Tihei mauri ora!
E ngā iwi, e ngā mana, e ngā kaipānui rā, tēnā rā koutou katoa.
I’m Dr. Isaac McIvor — a public and community archaeologist, lecturer, and researcher based in Ōtepoti Dunedin, Aotearoa New Zealand.
I work in the Archaeology Programme at the University of Otago, where my research sits at the interface of Mātauranga Māori and archaeological science. My work explores how whakapapa, oral traditions, and hapū knowledge systems can be woven together with landscape archaeology, radiocarbon dating, and chronological network analysis to build richer, more holistic understandings of Māori pasts.
Beyond the lab and the lecture theatre, I am passionate about community-led heritage management — particularly how hapū and kaitiaki can assert kaitiakitanga over their ancestral sites in the face of coastal erosion and climate change-induced heritage loss. Much of this work is grounded in ongoing partnerships with communities throughout Aotearoa.
I am also the incoming Engagement Community of Inquiry Lead at Te Pūnaha Matatini (TPM), Aotearoa New Zealand’s Centre of Research Excellence for complex systems.

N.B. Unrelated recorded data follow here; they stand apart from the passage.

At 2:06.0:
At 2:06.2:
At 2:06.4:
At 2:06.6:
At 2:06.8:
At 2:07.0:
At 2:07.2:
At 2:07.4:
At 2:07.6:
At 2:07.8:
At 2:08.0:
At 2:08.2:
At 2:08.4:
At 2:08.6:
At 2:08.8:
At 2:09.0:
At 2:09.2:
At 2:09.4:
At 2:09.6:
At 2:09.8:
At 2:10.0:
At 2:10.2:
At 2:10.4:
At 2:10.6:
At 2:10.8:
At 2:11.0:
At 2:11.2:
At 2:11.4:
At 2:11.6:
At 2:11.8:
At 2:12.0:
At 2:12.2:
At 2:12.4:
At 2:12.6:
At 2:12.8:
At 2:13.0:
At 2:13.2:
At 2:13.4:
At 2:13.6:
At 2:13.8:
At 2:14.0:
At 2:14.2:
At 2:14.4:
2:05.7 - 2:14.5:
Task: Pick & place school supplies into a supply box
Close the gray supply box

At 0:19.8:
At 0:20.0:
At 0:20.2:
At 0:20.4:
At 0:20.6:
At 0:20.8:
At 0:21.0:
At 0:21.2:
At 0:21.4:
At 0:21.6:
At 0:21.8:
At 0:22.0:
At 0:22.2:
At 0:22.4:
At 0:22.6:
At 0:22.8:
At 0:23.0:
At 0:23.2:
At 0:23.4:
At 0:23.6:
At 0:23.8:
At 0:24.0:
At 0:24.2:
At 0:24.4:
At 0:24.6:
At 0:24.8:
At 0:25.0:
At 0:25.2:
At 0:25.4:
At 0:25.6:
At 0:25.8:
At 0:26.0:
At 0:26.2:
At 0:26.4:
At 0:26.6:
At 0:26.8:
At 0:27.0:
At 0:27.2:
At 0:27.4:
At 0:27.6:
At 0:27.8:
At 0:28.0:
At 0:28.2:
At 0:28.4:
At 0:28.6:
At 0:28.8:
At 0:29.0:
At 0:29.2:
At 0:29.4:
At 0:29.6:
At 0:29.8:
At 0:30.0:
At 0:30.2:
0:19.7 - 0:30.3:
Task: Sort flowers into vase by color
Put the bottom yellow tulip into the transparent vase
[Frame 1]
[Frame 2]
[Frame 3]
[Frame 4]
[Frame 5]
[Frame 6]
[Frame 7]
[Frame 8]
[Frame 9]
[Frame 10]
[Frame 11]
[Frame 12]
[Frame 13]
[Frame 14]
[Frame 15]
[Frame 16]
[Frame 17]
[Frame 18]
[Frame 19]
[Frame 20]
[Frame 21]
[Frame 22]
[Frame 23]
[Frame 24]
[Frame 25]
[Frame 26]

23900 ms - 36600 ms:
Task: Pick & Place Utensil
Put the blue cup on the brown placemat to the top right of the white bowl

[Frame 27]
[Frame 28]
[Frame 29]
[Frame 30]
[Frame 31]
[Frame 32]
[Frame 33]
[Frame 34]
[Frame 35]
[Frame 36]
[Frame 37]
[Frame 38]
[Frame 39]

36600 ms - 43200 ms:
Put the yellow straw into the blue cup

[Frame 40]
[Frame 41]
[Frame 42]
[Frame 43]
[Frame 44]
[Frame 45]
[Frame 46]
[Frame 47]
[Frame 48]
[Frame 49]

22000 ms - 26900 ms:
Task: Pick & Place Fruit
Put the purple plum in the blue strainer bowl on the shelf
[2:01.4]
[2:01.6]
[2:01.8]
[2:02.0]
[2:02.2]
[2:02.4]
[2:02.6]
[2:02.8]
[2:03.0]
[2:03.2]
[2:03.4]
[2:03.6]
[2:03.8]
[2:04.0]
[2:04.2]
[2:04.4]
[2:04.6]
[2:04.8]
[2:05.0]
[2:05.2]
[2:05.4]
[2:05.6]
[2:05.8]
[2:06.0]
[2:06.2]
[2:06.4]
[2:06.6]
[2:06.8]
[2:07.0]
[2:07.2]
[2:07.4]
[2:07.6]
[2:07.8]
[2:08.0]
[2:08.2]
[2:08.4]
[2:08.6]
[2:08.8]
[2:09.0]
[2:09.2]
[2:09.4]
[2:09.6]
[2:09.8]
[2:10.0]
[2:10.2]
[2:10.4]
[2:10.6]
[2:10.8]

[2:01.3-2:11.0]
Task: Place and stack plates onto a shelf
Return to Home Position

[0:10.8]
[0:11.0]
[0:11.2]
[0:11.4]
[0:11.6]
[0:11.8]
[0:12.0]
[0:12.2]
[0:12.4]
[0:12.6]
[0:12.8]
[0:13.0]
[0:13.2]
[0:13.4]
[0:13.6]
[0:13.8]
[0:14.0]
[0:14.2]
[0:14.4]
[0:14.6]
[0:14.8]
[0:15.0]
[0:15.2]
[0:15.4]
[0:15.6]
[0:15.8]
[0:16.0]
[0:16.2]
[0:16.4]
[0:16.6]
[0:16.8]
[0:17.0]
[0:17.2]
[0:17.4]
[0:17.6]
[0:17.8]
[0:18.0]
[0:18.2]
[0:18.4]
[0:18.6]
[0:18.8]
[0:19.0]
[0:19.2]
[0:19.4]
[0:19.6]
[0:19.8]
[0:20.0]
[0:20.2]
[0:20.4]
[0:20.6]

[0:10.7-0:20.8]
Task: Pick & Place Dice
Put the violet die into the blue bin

In this role, I work with the amazing leadership team in build genuine, meaningful engagement with the people their work is meant to serve — communities, tāngata whenua, schools, policymakers, and local councils. We are all about bridging the gap between research excellence and real-world impact, which is exactly what this platform is also about.
The Past Before Us was born from a conviction that New Zealand’s extraordinary archaeological story deserves a wider audience through engaging, evidenced and accurate content. Whether you are a student, a teacher, a policymaker, a journalist, or simply someone who has always been curious about what lies beneath the surface of this land — this platform is for you.
The past is not behind us. It is woven into the landscape before us — i ngā wā o mua.